◆ YOUR TASK
Could you reproduce every record below exactly, excluding all pictures?

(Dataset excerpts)
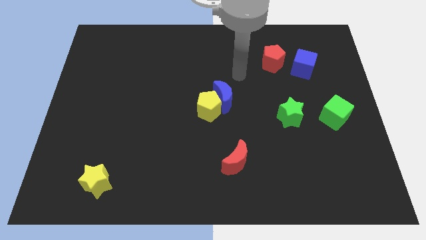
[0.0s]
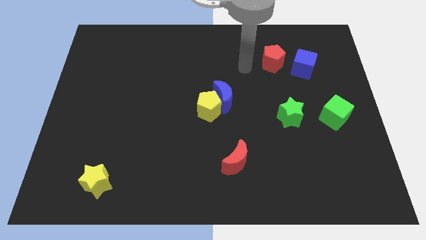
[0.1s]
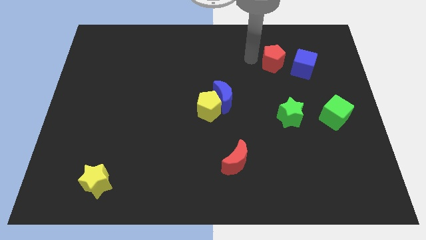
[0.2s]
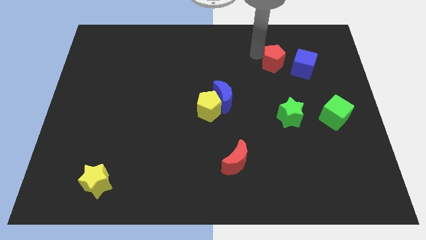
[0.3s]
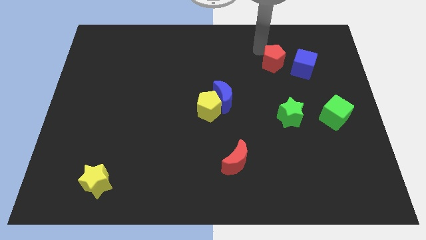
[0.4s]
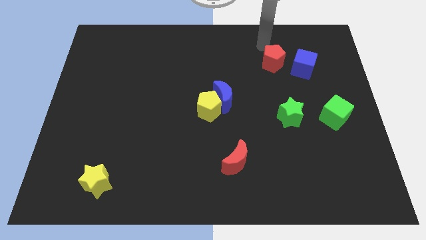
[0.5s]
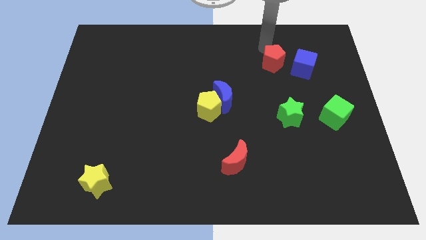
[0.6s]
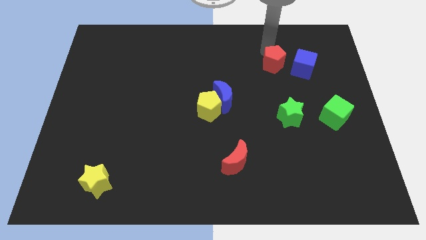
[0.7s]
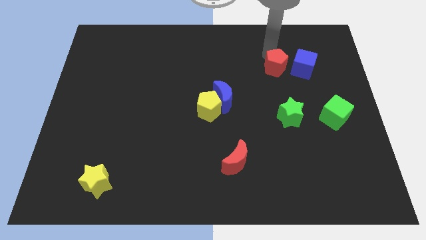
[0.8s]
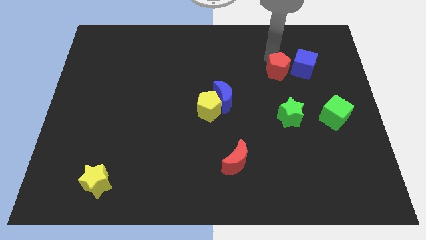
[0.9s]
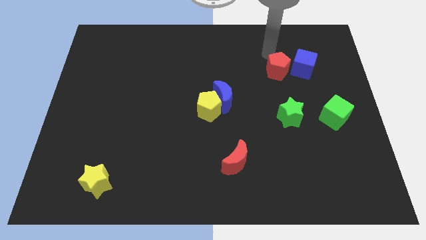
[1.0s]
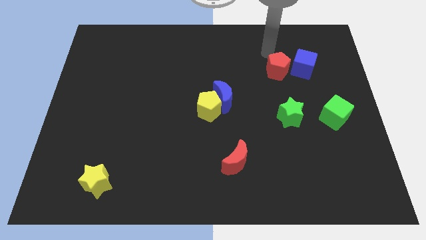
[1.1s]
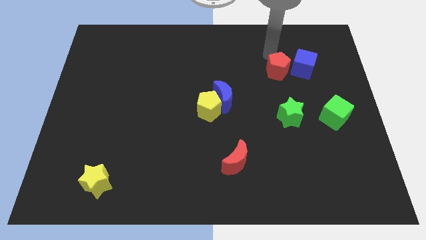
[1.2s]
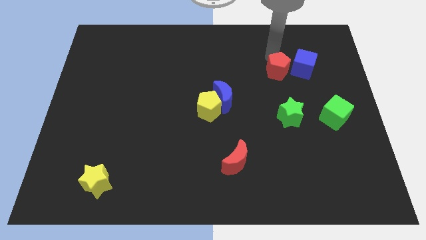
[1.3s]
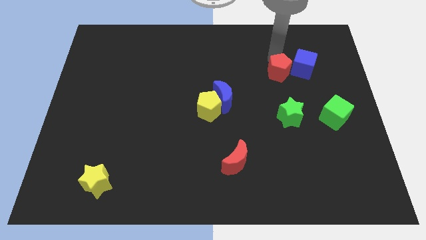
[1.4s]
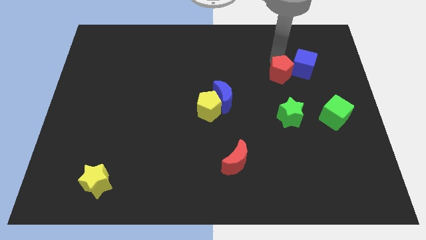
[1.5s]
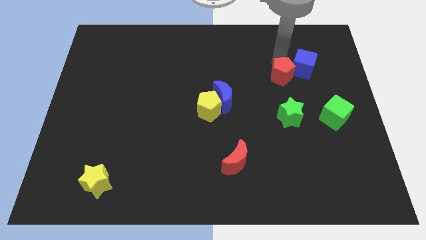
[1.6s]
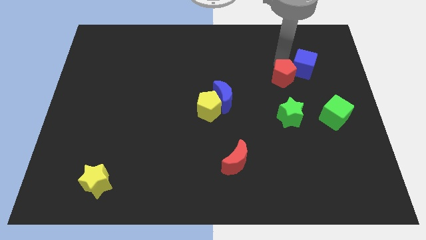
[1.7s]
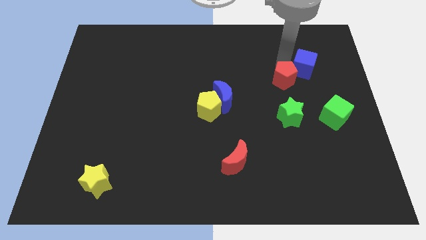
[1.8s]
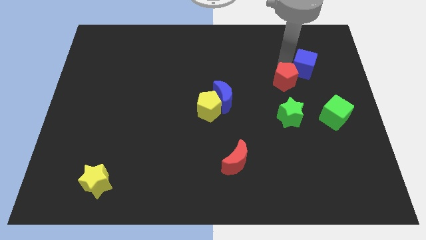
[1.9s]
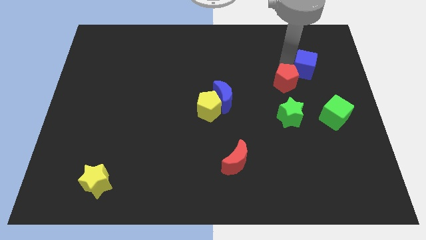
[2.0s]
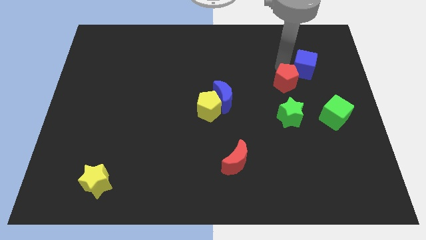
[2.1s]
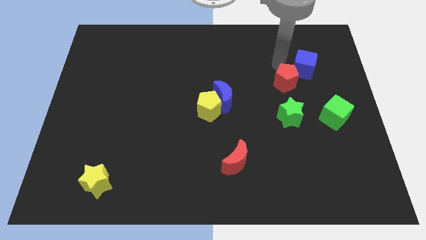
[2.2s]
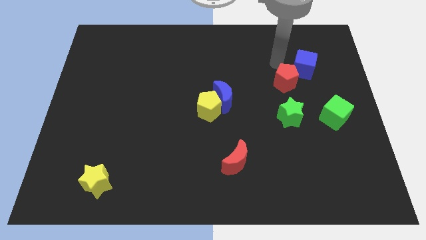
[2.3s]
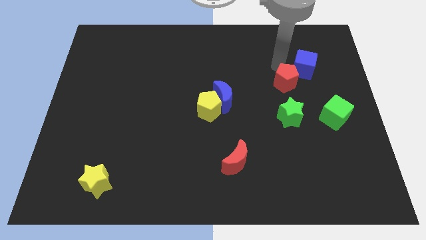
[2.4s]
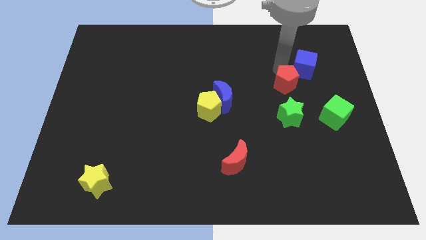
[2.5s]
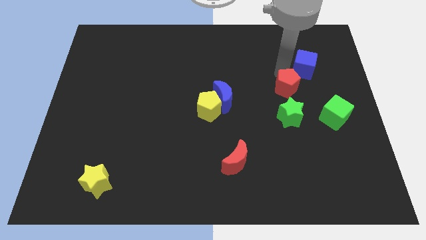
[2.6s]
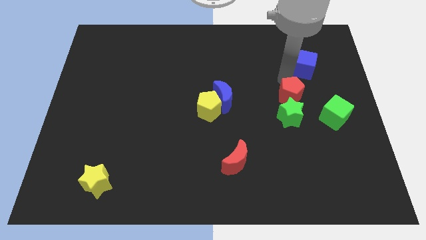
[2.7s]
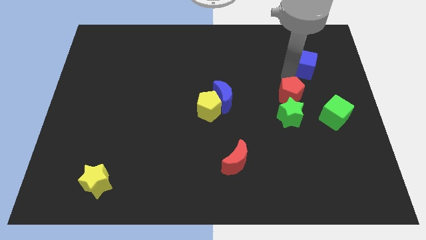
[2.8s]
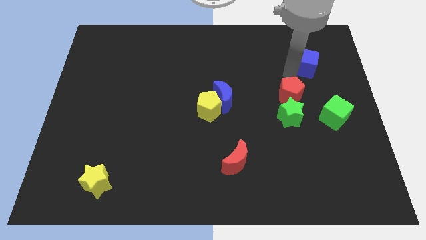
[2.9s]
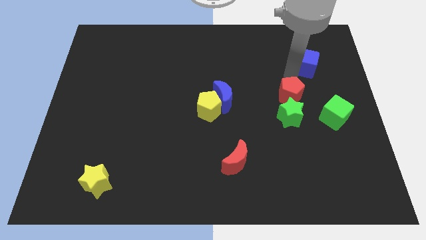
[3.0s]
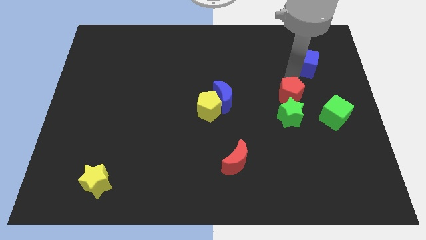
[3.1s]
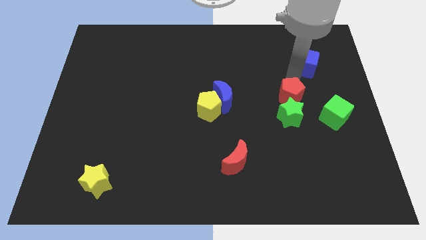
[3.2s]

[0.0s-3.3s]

◆ SOLVED EXERCISE
[0.0s]
[0.1s]
[0.2s]
[0.3s]
[0.4s]
[0.5s]
[0.6s]
[0.7s]
[0.8s]
[0.9s]
[1.0s]
[1.1s]
[1.2s]
[1.3s]
[1.4s]
[1.5s]
[1.6s]
[1.7s]
[1.8s]
[1.9s]
[2.0s]
[2.1s]
[2.2s]
[2.3s]
[2.4s]
[2.5s]
[2.6s]
[2.7s]
[2.8s]
[2.9s]
[3.0s]
[3.1s]
[3.2s]

[0.0s-3.3s]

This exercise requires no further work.